(Items from a dataset)
- Opening Delimiter -
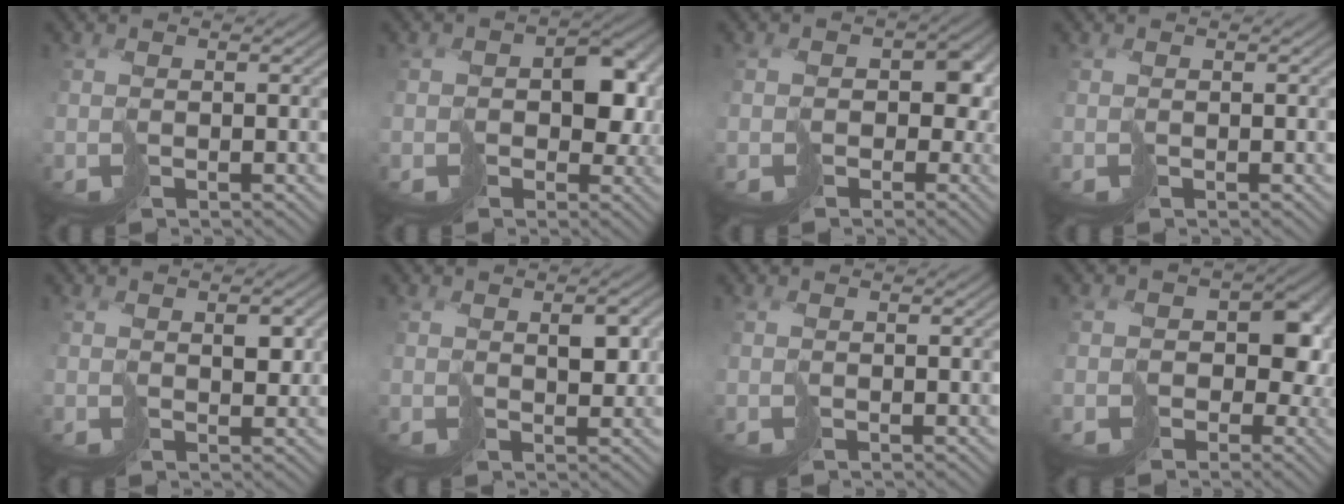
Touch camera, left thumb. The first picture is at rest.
{"total": 6.0, "force": [-0.2, 4.6, 3.8], "torque": [-0.047, -0.004, 0.002]}
{"total": 5.2, "force": [-0.9, 4.4, 2.6], "torque": [-0.025, -0.008, -0.013]}
{"total": 0.0}
{"total": 2.5, "force": [1.2, 1.6, 1.5], "torque": [-0.021, -0.001, 0.032]}
{"total": 2.9, "force": [1.3, 1.7, 2.0], "torque": [-0.030, -0.001, 0.031]}
{"total": 0.0}
{"total": 6.3, "force": [-0.7, 5.2, 3.4], "torque": [-0.038, -0.013, -0.013]}
- Closing Delimiter -
• [Aim of the task]: Copy the records above exactly, leaving out every picture.

• [Written answer]:
Touch camera, left thumb. The first picture is at rest.
{"total": 6.0, "force": [-0.2, 4.6, 3.8], "torque": [-0.047, -0.004, 0.002]}
{"total": 5.2, "force": [-0.9, 4.4, 2.6], "torque": [-0.025, -0.008, -0.013]}
{"total": 0.0}
{"total": 2.5, "force": [1.2, 1.6, 1.5], "torque": [-0.021, -0.001, 0.032]}
{"total": 2.9, "force": [1.3, 1.7, 2.0], "torque": [-0.030, -0.001, 0.031]}
{"total": 0.0}
{"total": 6.3, "force": [-0.7, 5.2, 3.4], "torque": [-0.038, -0.013, -0.013]}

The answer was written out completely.